Clearly the bca limits match the exact values very well and suggests a large upward correction to the standard limits. Here the corrections are all positive as seen in the table below; $\hat{z}_0 = 0.093$ and $\hat{a} = 0.092$.

knitr::kable(ratio_bca$stats, digits = 3)

	theta	sd	a	az	z0	A	sdd	mean
est	1	0.537	0.098	0.089	0.088	0.509	0.504	1.054
jsd	0	0.005	0.005	0.005	0.010	0.020	0.004	0.004

knitr::kable(t(ratio_bca$abcstats), digits = 3)

a	z0
0.1	0.1

knitr::kable(ratio_bca$ustats, digits = 3)

	ustat	sdu	B
est	0.946	0.490	16000
jsd	0.004	0.004	0

The plot below shows that there is moderate amount of internal error in $\hat{\theta}_{bca}(0.975)$ as shown by the red bar. The pct column suggests why: $\hat{\theta}_{bca}(0.975)$ occurs at the $0.996$-quantile of the 16,000 replications, i.e., at the 64th largest $\hat{\theta}$, where there is a limited amount of data for estimating the distribution.

bcaplot(ratio_bca)

References

DiCiccio, Thomas J., and Bradley Efron. 1996. “Bootstrap Confidence Intervals.” Statist. Sci. 11 (3): 189–228. https://doi.org/10.1214/ss/1032280214.

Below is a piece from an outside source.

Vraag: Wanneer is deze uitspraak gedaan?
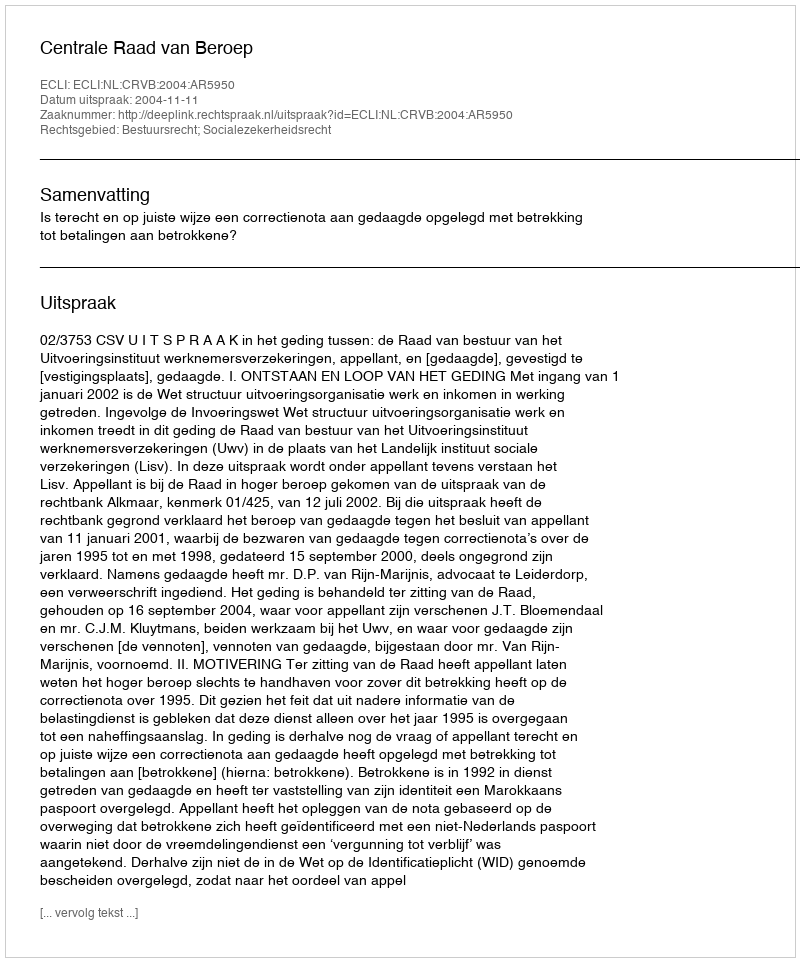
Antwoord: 2004-11-11

DiCiccio, Thomas, and Bradley Efron. 1992. “More Accurate Confidence Intervals in Exponential Families.” Biometrika 79 (2): 231–45. https://doi.org/10.2307/2336835.

Efron, Bradley. 1987. “Better Bootstrap Confidence Intervals.” Journal of the American Statistical Association 82 (397): 171–85. https://doi.org/10.2307/2289144.

Efron, Bradley, and Trevor Hastie. 2016. Computer Age Statistical Inference: Algorithms, Evidence, and Data Science. 1st ed. New York, NY, USA: Cambridge University Press.

Efron, Bradley, and Balasubramanian Narasimhan. 2018. “The Automatic Construction of Bootstrap Confidence Intervals.”